Can we deduce the characteristic polynomial for this matrix? Given a square $n \times n$ matrix $A$ that satisfies $$\sum\limits_{k=0}^n a_k A^k = 0$$ for some coefficients $a_0, a_1, \dots, a_n,$ can we deduce that its characteristic polynomial is $\sum\limits_{k=0}^n a_k x^k$? 
 A: Take matrix
$$
A = 
\left(
\begin{array}{cccc}
1 & 0 & 0 & 0 \\
0 & 1 & 0 & 0 \\
0 & 0 & 2 & 0 \\
0 & 0 & 0 & 2 \\
\end{array}
\right)
$$
Then
$$  A^4 - 11 A^3 + 41 A^2 - 61 A + 30 I = 0$$
However, the characteristic polynomial is
$$  x^4 - 6x^3 + 13x^2 - 12x + 4 $$
and the minimal polynomial is
$$ x^2 - 3 x + 2 $$
A: The zero matrix satisfies every homogeneous polynomial, but clearly not every homogeneous polynomial is the characteristic polynomial of the zero matrix. 

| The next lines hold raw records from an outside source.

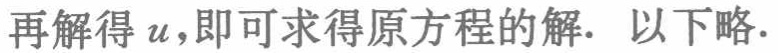
再解得\(u\)，即可求得原方程的解. 以下略.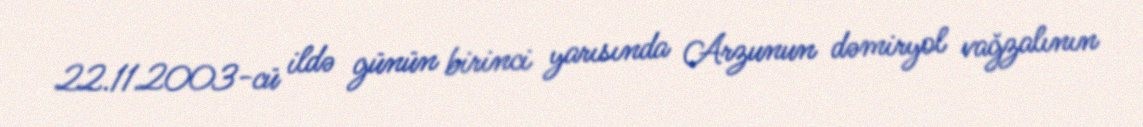
22.11.2003-cü ildə günün birinci yarısında Arzunun dəmiryol vağzalının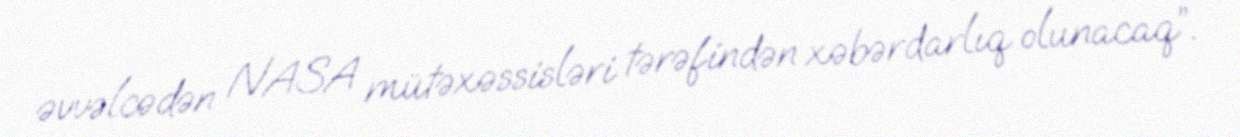
əvvəlcədən NASA mütəxəssisləri tərəfindən xəbərdarlıq olunacaq”.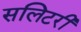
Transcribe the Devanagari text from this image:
सलिटरी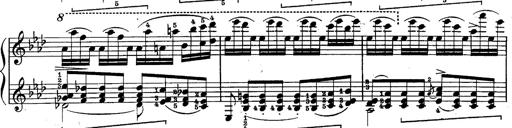
Title: Schubert's Impromptus [revised and edited by Franz Liszt]
Composer: Franz Liszt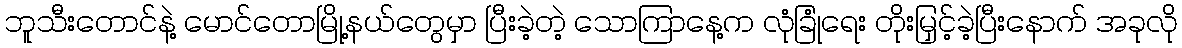
ဘူသီးတောင်နဲ့ မောင်တောမြို့နယ်တွေမှာ ပြီးခဲ့တဲ့ သောကြာနေ့က လုံခြုံရေး တိုးမြှင့်ခဲ့ပြီးနောက် အခုလို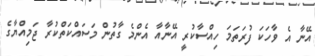
އޭނާ އެ ވާހަކަ ފުރަތަމަ ހިއްސާކުރީ އޭނާއާ އެންމެ ގާތުން މަސައްކަތްކުރާ ޖަމިއްޔާގެ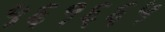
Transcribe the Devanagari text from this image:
५६१६६५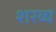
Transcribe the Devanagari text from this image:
शरव्य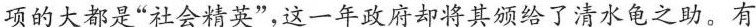
项的大都是“社会精英”，这一年政府却将其颁给了清水龟之助。有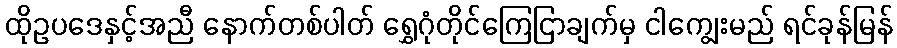
ထိုဥပဒေနှင့်အညီ နောက်တစ်ပါတ် ရွှေဂုံတိုင်ကြေငြာချက်မှ ငါကျွေးမည် ရင်ခုန်မြန်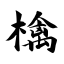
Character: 檎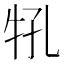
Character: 𰠬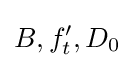
B,f'_{t},D_{0}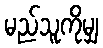
မည်သူကိုမျှ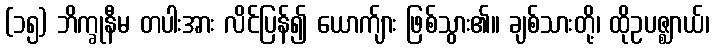
(၁၅) ဘိက္ခုနီမ တပါးအား လိင်ပြန်၍ ယောက်ျား ဖြစ်သွား၏။ ချစ်သားတို့၊ ထိုဥပဇ္ဈာယ်၊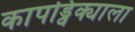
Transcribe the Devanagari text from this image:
कापड्विक्याला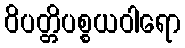
ဝိပတ္တိပစ္စယဝါရော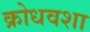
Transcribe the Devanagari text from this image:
क्रोधवशा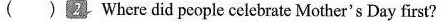
( ),Where did people celebrate Mother's Day first?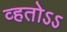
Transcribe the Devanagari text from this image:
व्हतोऽऽ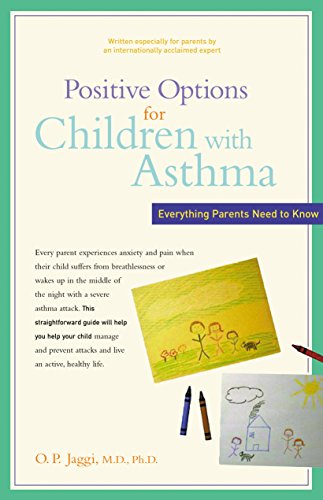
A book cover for Positive Options for Children with Asthma: Everything Parents Need to Know (Positive Options for Health); M.D. O. P. Jaggi M.D.  Ph.D.; Health, Fitness & Dieting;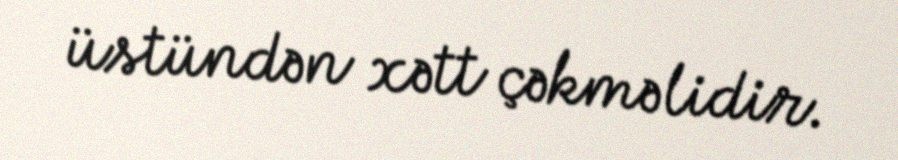
üstündən xətt çəkməlidir.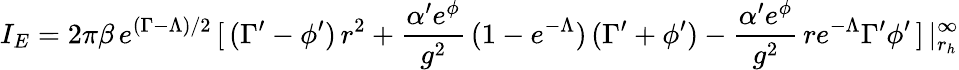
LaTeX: I_{E}=2\pi\beta\, e^{(\Gamma-\Lambda)/2}\, [\, (\Gamma^{\prime}-\phi^{\prime})\, r^{2}+\frac{\alpha^{\prime}e^{\phi}}{g^{2}}\, (1-e^{-\Lambda})\, (\Gamma^{\prime}+\phi^{\prime})-\frac{\alpha^{\prime}e^{\phi}}{g^{2}}\, re^{-\Lambda}\Gamma^{\prime}\phi^{\prime}\, ]\, |_{r_{h}}^{\infty}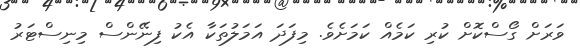
ވަރަށް ގޯސްކޮށް ކުރި ކަމެއް ކަމަށެވެ. މިފަދަ އަމަލުތަކާ އެކު ފިނޭންސް މިނިސްޓަރު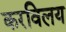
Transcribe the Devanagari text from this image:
करविलय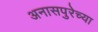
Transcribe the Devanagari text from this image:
अनासपुरेच्या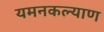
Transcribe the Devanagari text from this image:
यमनकल्याण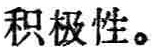
积极性。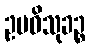
ဥပဓိသုခဉ္စ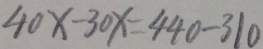
4 0 x - 3 0 x = 4 4 0 - 3 1 0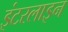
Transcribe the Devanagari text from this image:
इंटरलाइन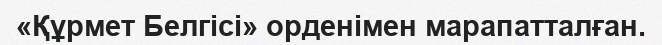
«Құрмет Белгісі» орденімен марапатталған.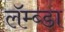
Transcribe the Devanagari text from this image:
लॅम्ब्डा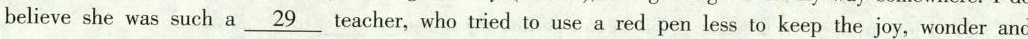
believe she was such a \underline{29} teacher, who tried to use a red pen less to keep the joy, wonder and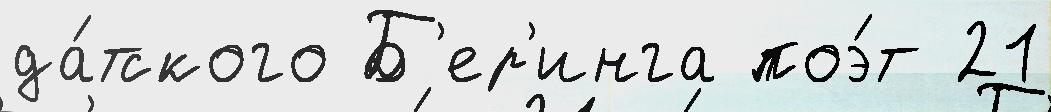
да́тского Б'ер'инга поэ́т 21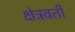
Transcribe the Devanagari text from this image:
क्षेत्रवर्ती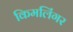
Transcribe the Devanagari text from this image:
किमलिंगर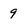
Character: 9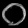
Digit: ၀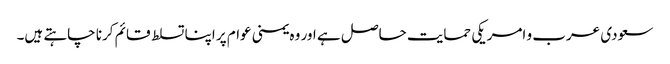
سعودی عرب و امریکی حمایت حاصل ہے اور وہ یمنی عوام پر اپنا تسلط قائم کرنا چاہتے ہیں۔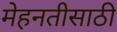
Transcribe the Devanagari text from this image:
मेहनतीसाठी

A: Let $m$ be the minimal polynomial and $p$ be the characteristic polynomial of $A$. Then $m(x)\mid p(x)$ and $m(x)\mid q(x)$, where $q(x)=\sum a_kx^k$. The question is whether or not this actually implies that $p(x)=kq(x)$ for a constant (nonzero) factor $k$, which is clearly untrue. In particular, the polynomial $p(x)/m(x)$ can be switched out for anything else and multiplying back by $m(x)$ will give you another multiple of $m(x)$ with the same degree but is different from a constant multiple of $p(x)$.
The result however is true if we assume that $m(x)$ has degree $n$, since then $p(x)$ and $q(x)$ will both just be a constant multiple of $m(x)$.
A: The answer is no.
You are given a degree $n$ polynomial $p(x)$ that an $n\times n$ matrix $A$ satisfies. This is not enough information to find the characteristic polynomial $c_A(x)$, although you will be able to narrow it down to finitely many possibilities.
Let's look at an example to see why. Suppose your friend picks the matrix $A$. Suppose he doesn't tell you $A$, but he does tell you $p(x)$ and asks you to guess $c_A(x)$. Suppose your friend picked
$$A=\begin{bmatrix} 1 & 0 & 0 \\ 0 & 1 & 0 \\ 0 & 0 & 2 \end{bmatrix}$$
and told you that $p(x)=x^3-6x^2+11x-6$.
You could then reason that $p(x)=(x-1)(x-2)(x-3)$. Which would mean that the minimal polynomial $m_A(x)$ must be one of the following: $(x-1)$, $(x-2)$, $(x-3)$, $(x-1)(x-2)$, $(x-1)(x-3)$, $(x-2)(x-3)$, $(x-1)(x-2)(x-3)$.
Hence the characteristic polynomial $c_A(x)$ must be one of the following: $(x-1)^3$, $(x-2)^3$, $(x-3)^3$, $(x-1)^2(x-2)$, $(x-1)(x-2)^2$, $(x-1)^2(x-3)$, $(x-1)(x-3)^2$, $(x-2)^2(x-3)$, $(x-2)(x-3)^2$, $(x-1)(x-2)(x-3)$.
Since your friend picked
$$A=\begin{bmatrix} 1 & 0 & 0 \\ 0 & 1 & 0 \\ 0 & 0 & 2 \end{bmatrix}$$
the characteristic polynomial is $c_A(x)=(x-1)^2(x-2)$, but you can't prove that, because for all you know he may have picked
$$B=\begin{bmatrix} 1 & 0 & 0 \\ 0 & 2 & 0 \\ 0 & 0 & 3 \end{bmatrix}$$
which also satisfies $p(x)=x^3-6x^2+11x-6=(x-1)(x-2)(x-3)$.